Items from a dataset:
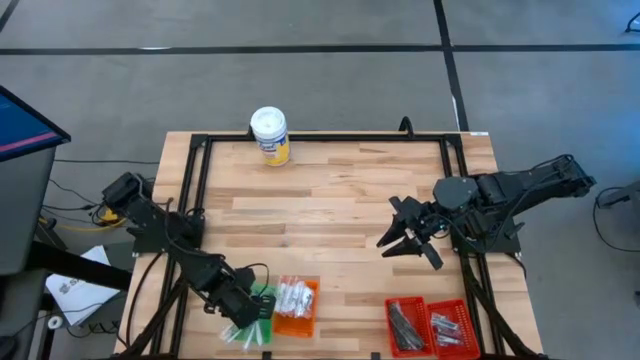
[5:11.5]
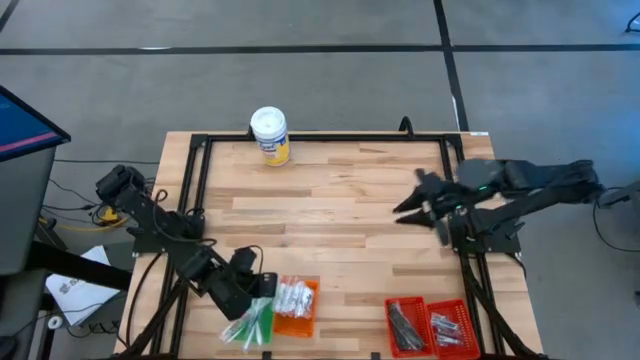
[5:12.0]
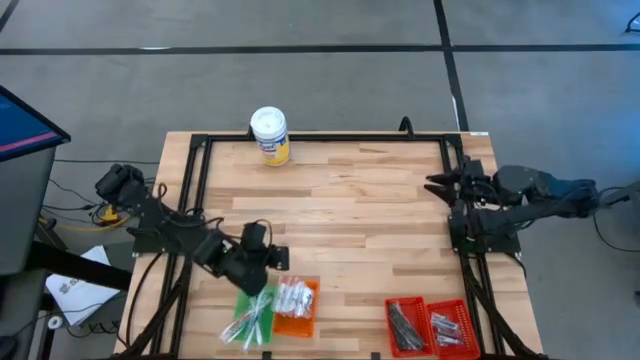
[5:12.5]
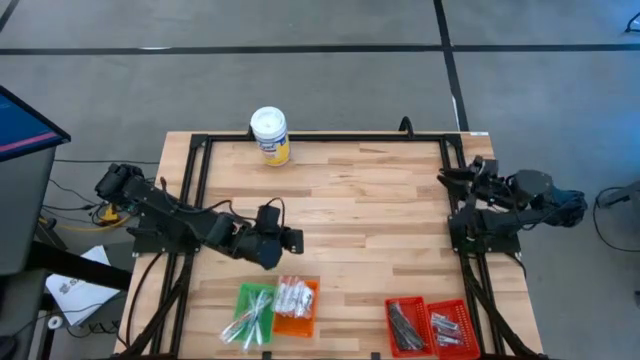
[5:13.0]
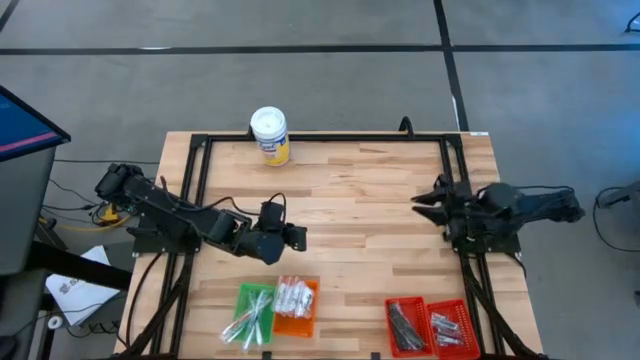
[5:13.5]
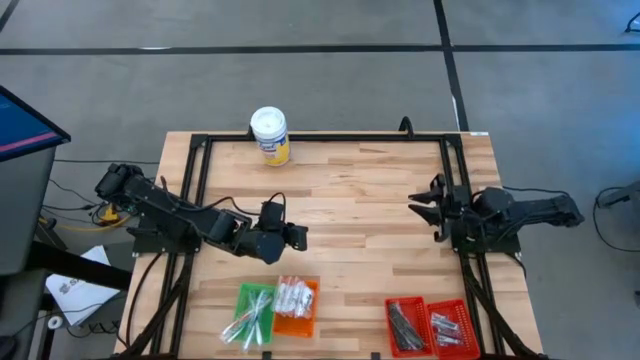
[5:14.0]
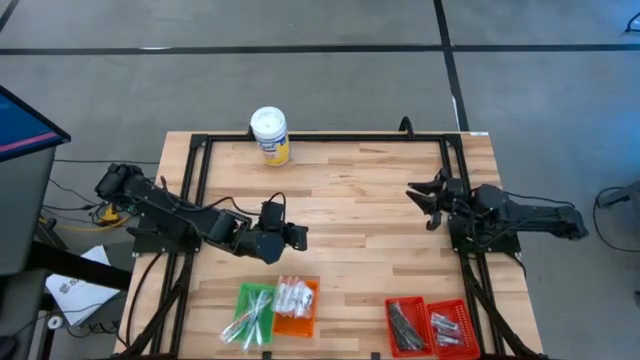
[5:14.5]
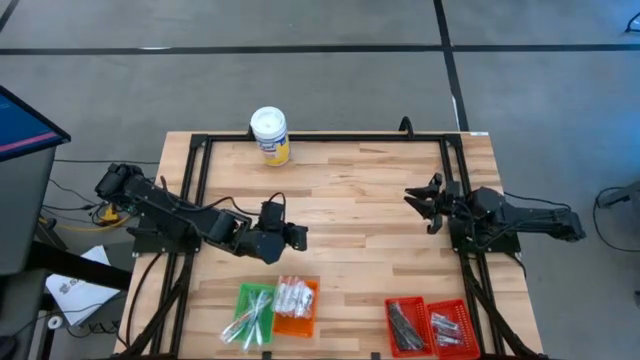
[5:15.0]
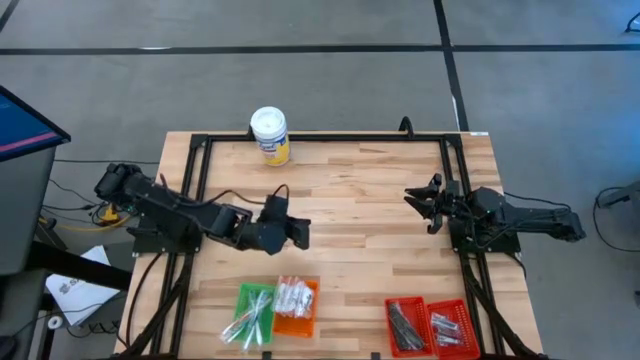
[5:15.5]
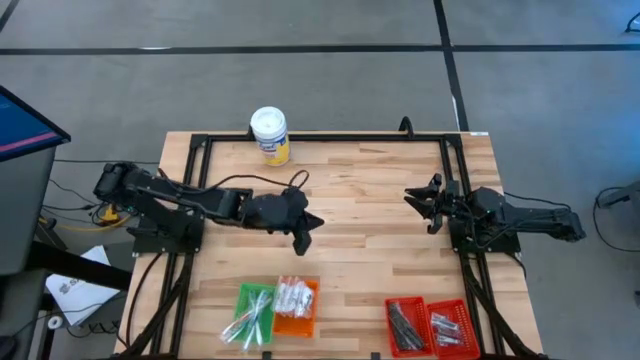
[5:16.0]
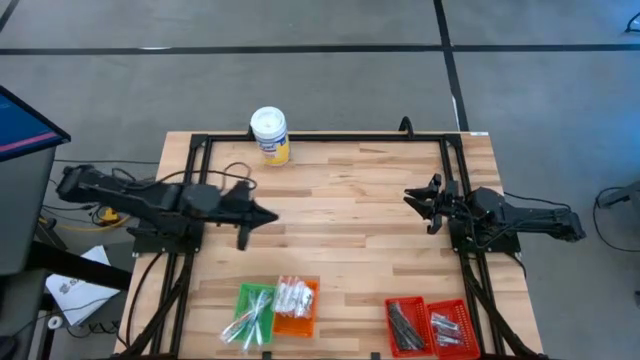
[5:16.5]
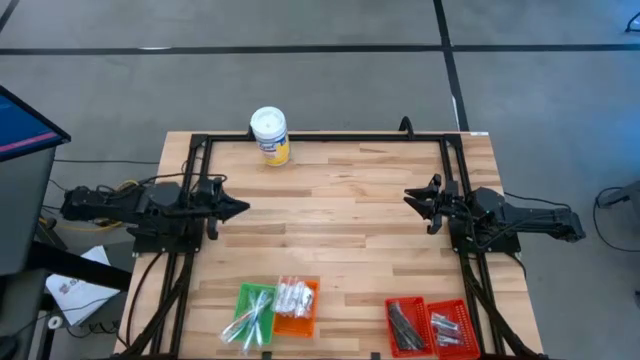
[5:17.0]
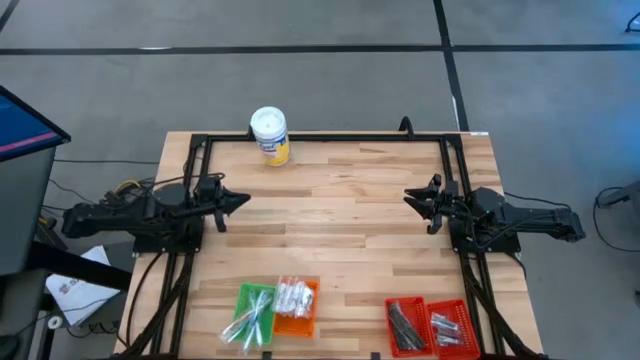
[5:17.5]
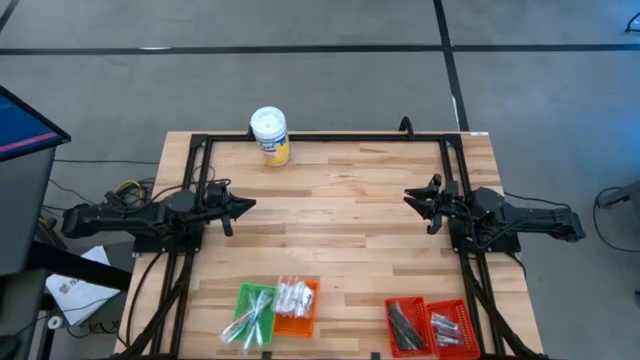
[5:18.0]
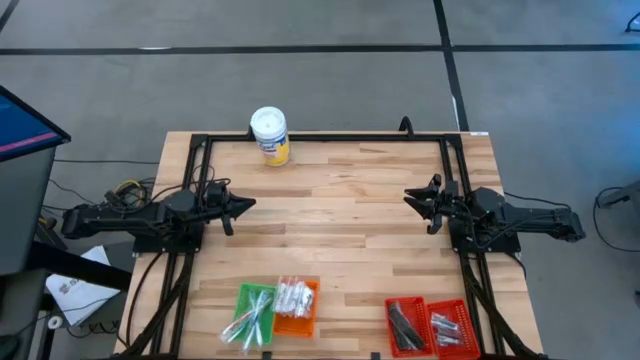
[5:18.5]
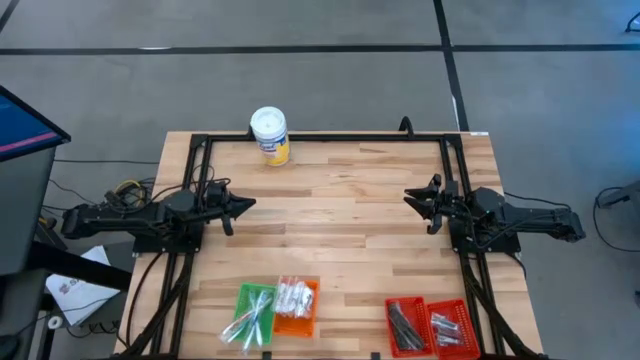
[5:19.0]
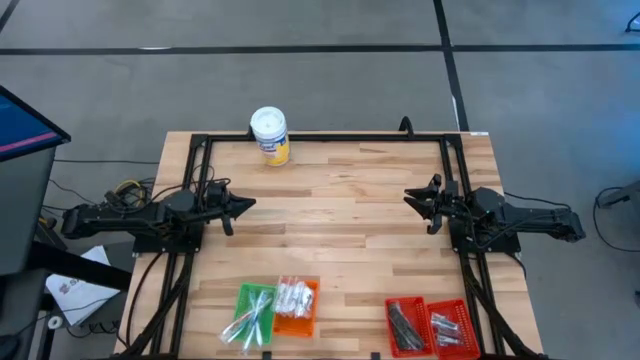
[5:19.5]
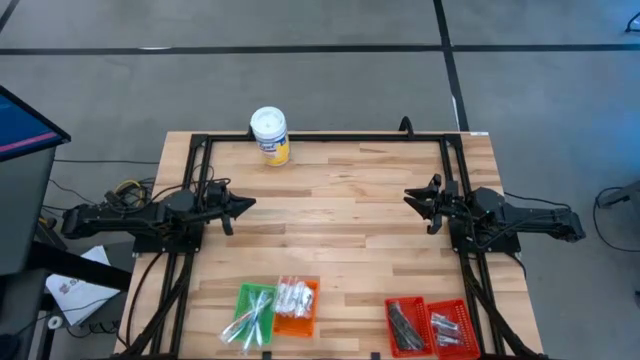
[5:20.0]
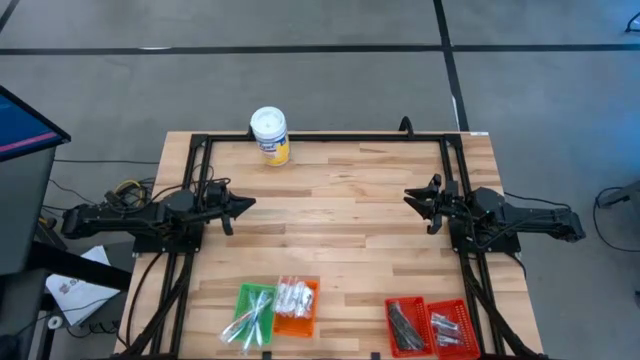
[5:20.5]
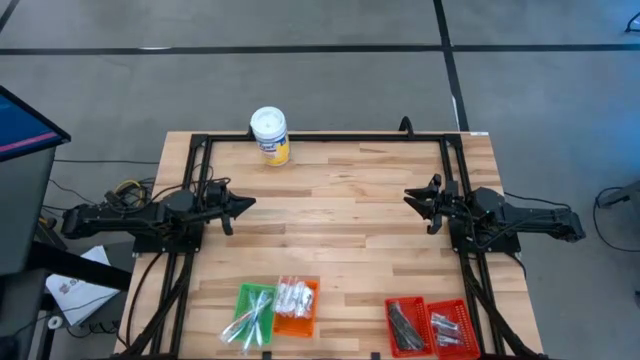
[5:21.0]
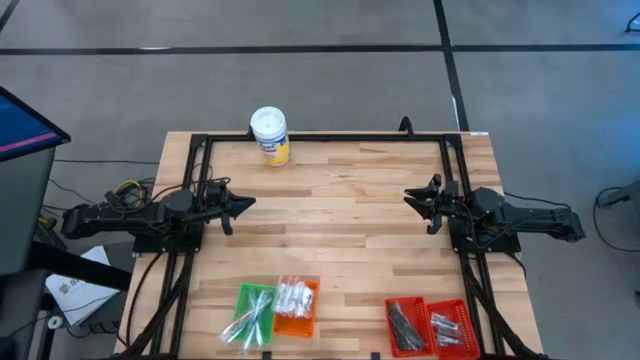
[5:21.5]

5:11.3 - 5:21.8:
Return to Home Position

**ACTIVITY**
Leave out the pictures and give the rest of the records again exactly.

**OUTPUT BELOW**
[5:11.5]
[5:12.0]
[5:12.5]
[5:13.0]
[5:13.5]
[5:14.0]
[5:14.5]
[5:15.0]
[5:15.5]
[5:16.0]
[5:16.5]
[5:17.0]
[5:17.5]
[5:18.0]
[5:18.5]
[5:19.0]
[5:19.5]
[5:20.0]
[5:20.5]
[5:21.0]
[5:21.5]

5:11.3 - 5:21.8:
Return to Home Position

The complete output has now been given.